#matrix_completion

On Optimization

Statisticians get their first taste of optimization when they learn about penalized linear regression: \[ \begin{align*} \min_{\beta} \norm{Y - X \beta}_2^2 + \lambda\norm{\beta}_p. \end{align*} \] It turns out that there’s an equivalent formulation (as a constrained minimization) that provides a little more intuition: \[ \begin{align*} \min \norm{Y - X \beta}_2^2 \text{ s.t. } \norm{\beta}_p \leq s, \end{align*} \]

Figure 1: The OG image.

where there is a one-to-one relation between \(\lambda\) and \(s\).
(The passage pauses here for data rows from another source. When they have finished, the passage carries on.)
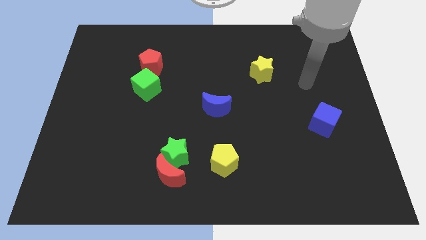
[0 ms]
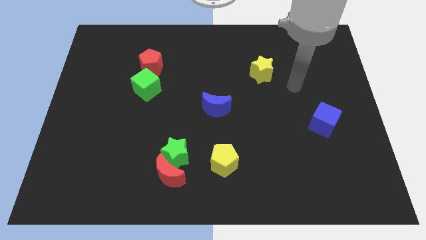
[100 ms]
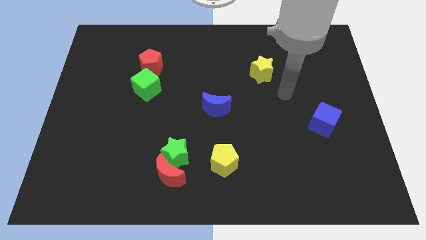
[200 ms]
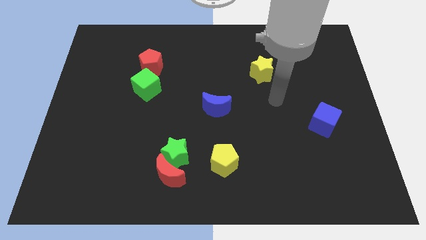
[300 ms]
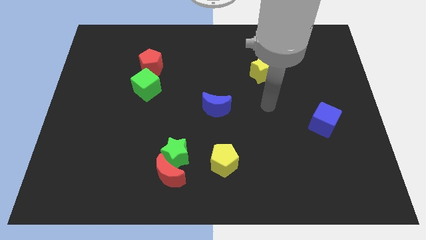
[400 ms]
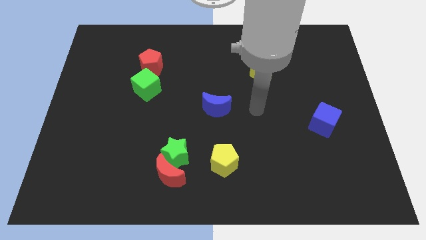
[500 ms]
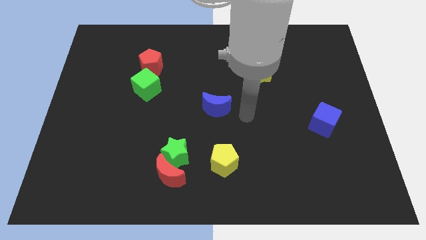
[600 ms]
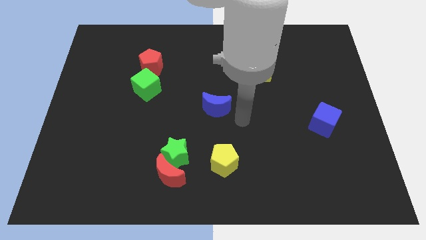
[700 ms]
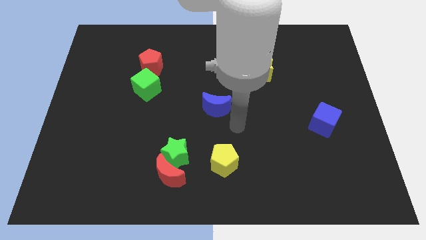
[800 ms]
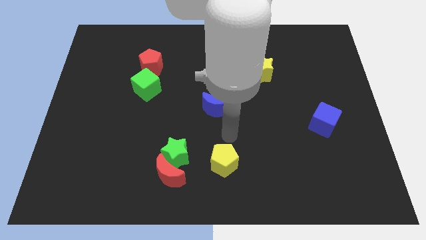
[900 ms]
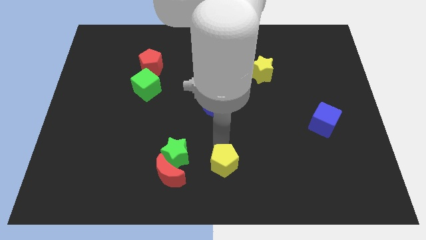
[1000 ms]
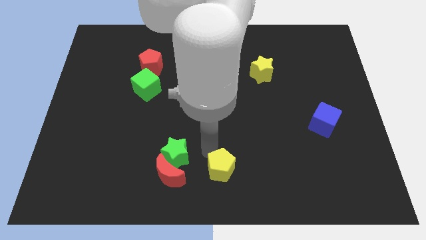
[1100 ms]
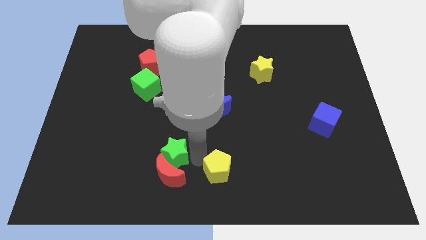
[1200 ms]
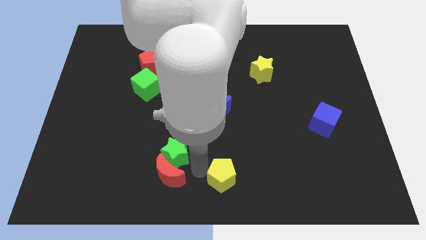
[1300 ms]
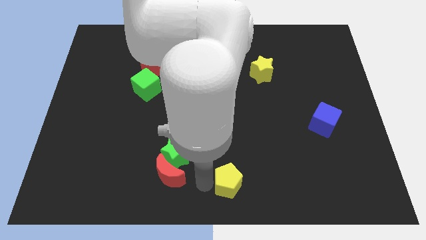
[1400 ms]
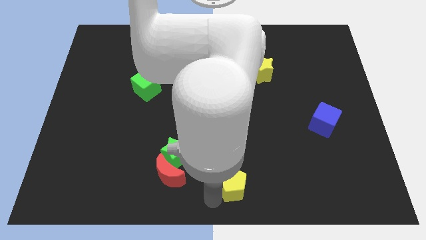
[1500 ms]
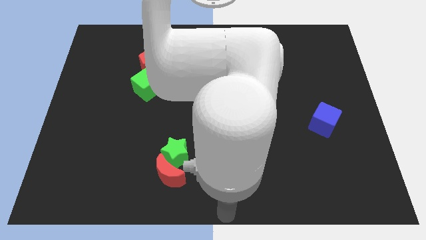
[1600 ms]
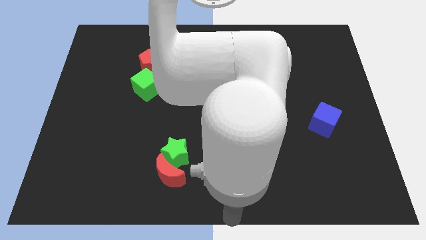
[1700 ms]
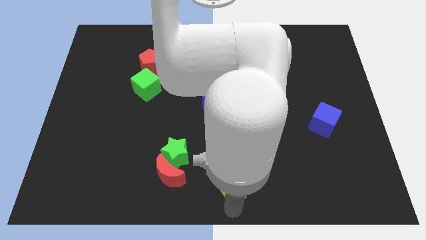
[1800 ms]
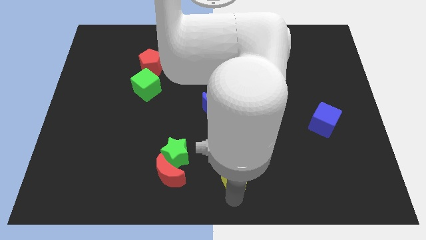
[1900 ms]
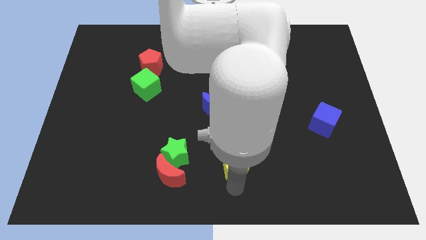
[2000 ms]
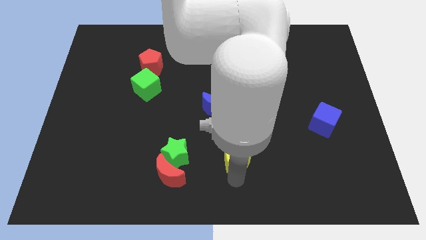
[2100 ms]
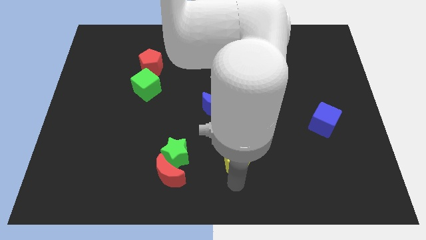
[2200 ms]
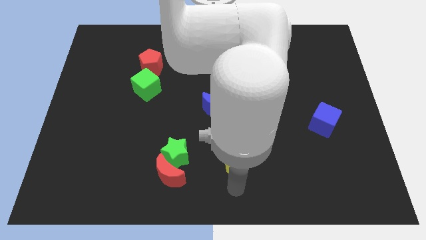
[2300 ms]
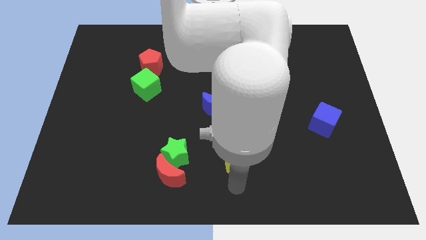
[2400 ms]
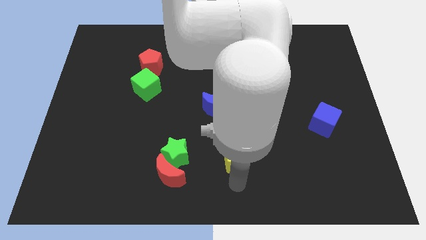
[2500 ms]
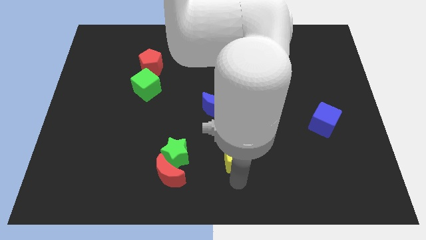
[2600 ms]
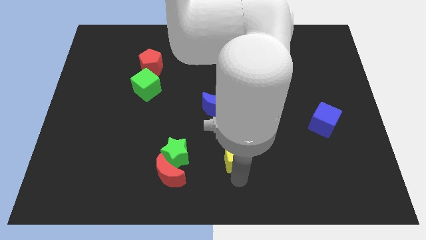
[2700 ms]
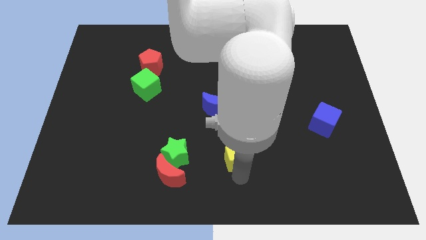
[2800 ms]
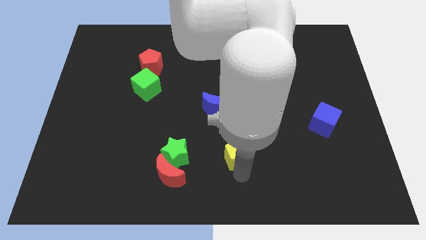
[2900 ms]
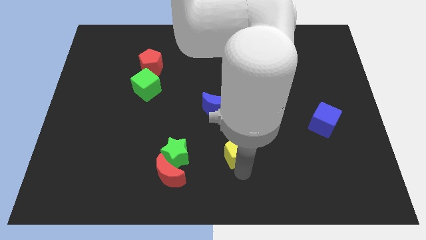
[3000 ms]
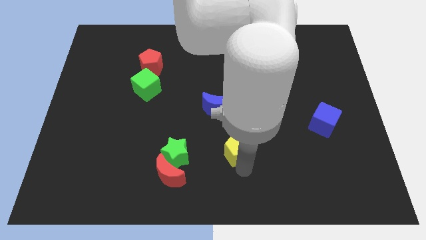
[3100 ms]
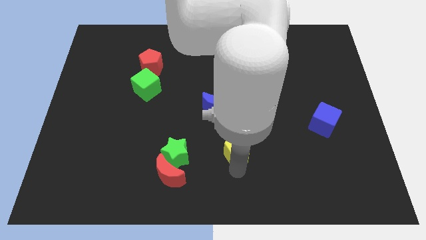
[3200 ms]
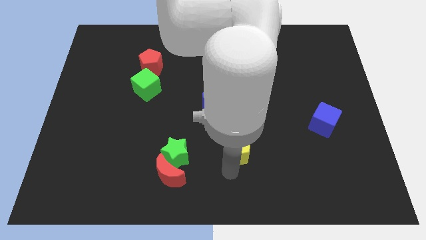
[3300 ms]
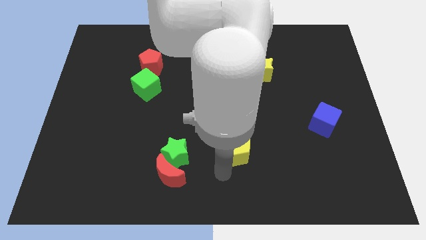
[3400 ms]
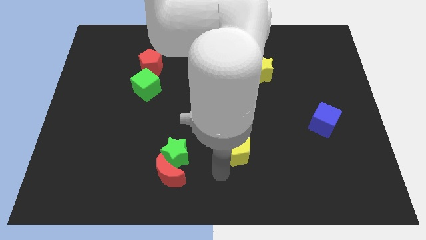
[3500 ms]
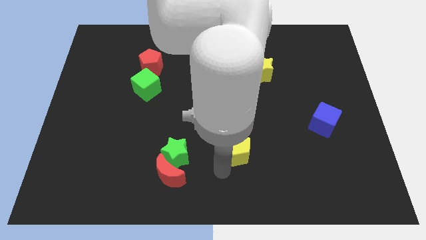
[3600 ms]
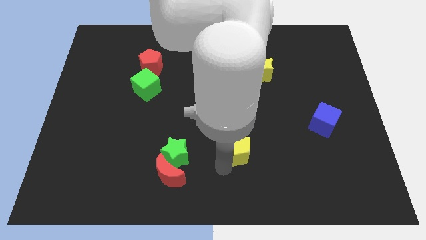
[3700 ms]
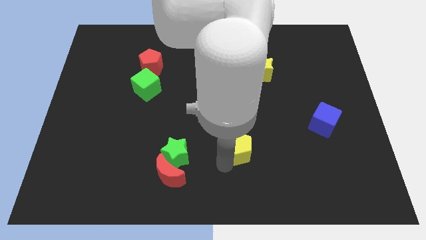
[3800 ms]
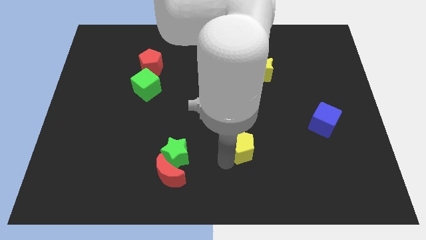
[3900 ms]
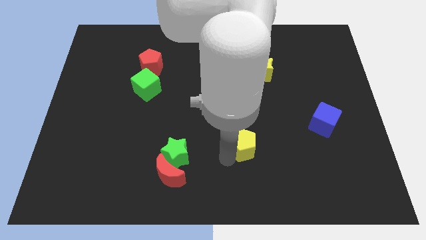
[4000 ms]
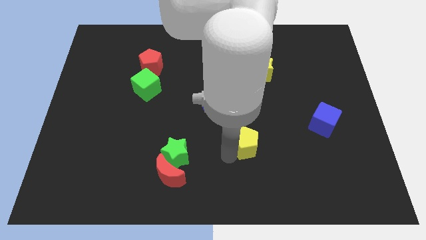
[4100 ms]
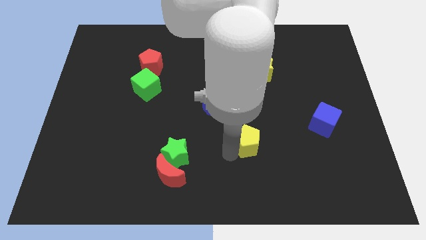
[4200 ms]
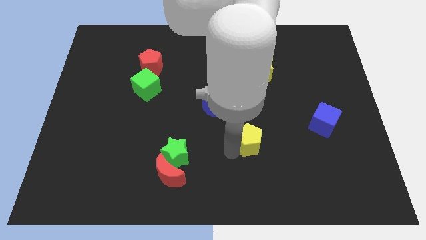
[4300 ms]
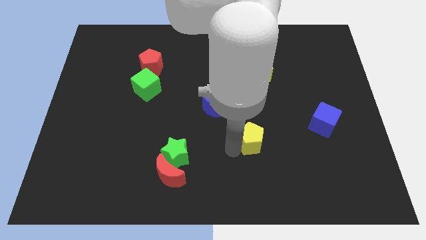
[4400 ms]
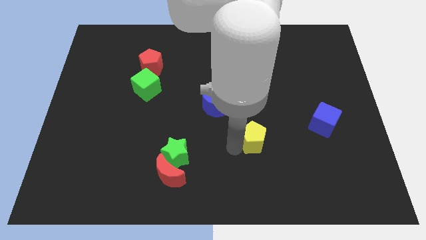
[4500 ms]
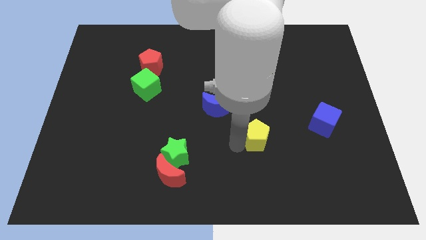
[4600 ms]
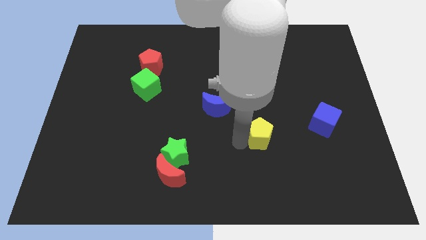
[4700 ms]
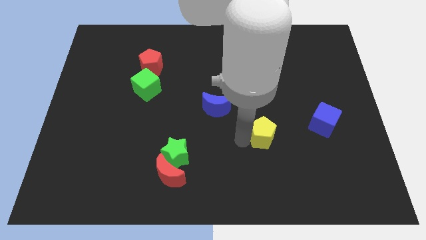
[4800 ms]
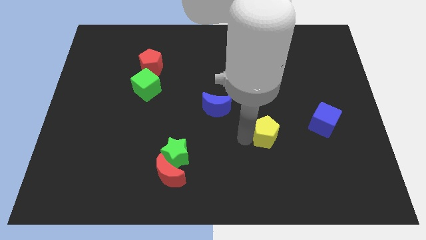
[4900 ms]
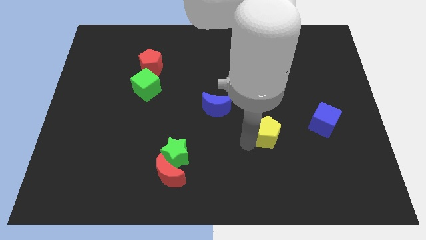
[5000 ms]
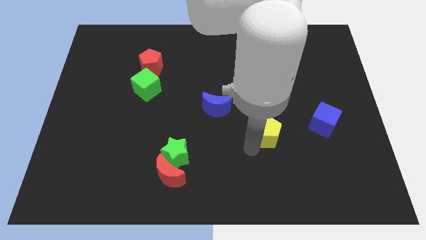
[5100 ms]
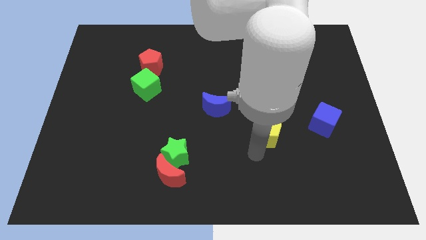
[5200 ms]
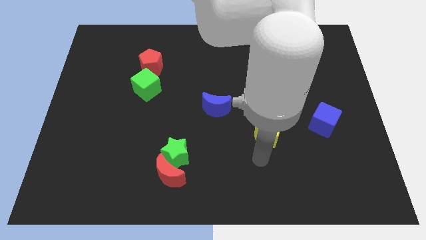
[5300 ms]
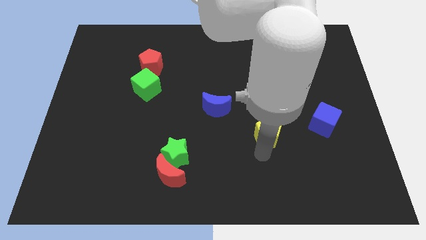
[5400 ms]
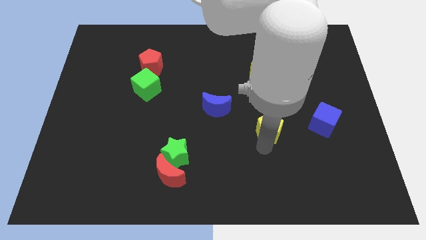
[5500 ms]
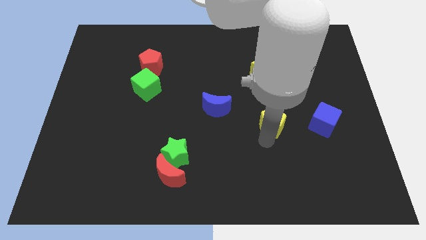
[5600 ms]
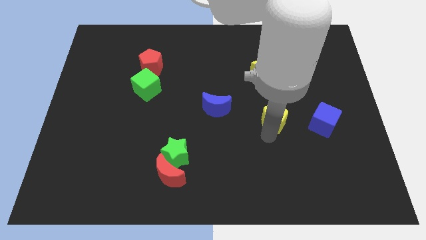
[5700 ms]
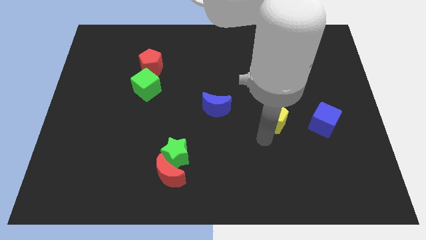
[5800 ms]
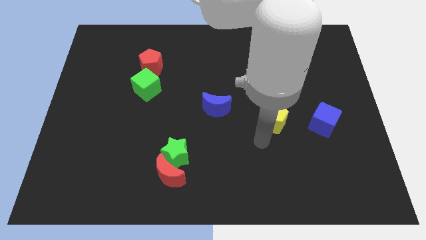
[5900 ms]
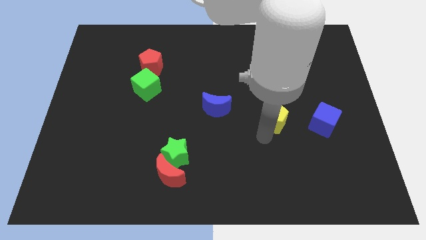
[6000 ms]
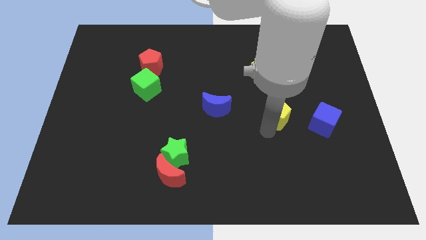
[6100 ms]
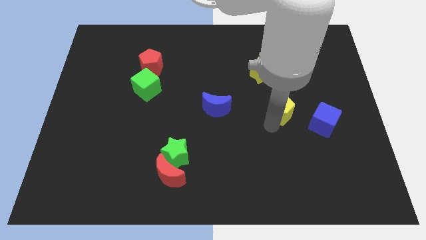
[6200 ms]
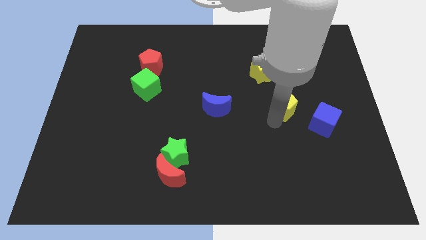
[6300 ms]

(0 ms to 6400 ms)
move the yellow pentagon up and to the right diagonally

This different view provides a geometric interpretation: depending on the geometry induced by the \(l_p\) ball that is the constraint set, you’re going to get different kinds of solutions (see Fig. 1).

Note that the above equivalence is exact only when the loss and the penalty are both convex. In the #matrix_completion setting, with our penalty, this is no longer the case.

The (classical) convex program (Candes and Recht ⊕2009Candes, Emmanuel J, and Benjamin Recht. 2009. “Exact matrix completion via convex optimization.” Foundations of Computational Mathematics 9 (6): 717–72.) is given by: \[ \begin{align*} \min \norm{ W }_\star \text{ s.t. } \norm{ \mathcal{A}(W) - y }_2^2 \leq \epsilon, \end{align*} \] where setting \(\epsilon = 0\) reduces to the noise-less setting. The more recent development using a penalized linear model is given by: \[ \begin{align*} \min_{W} \norm{ \mathcal{A}(W) - y }_2^2 + \lambda \norm{W}_{\star} \end{align*} \] Since they’re both convex, you have equivalence just like for the Lasso.11 I’m pretty sure that people have profitably used this equivalence in this context.

Non-Convex

What happens when we move to non-convex penalties though? Then, I think what you have is a duality gap (I could be wrong). If we use our penalty \(\frac{\norm{W}_{\star}}{\norm{W}_{F}}\), then these two views are no longer equivalent. And here I think actually going back to the penalized loss function gives better results. For one thing, it’s no longer a convex program, amenable to simple solvers.

In our experiments we find that running Adam on this penalized loss function gives great results. My speculation is that this might be the way to solve non-convex programs (I’m sure people have thought about this).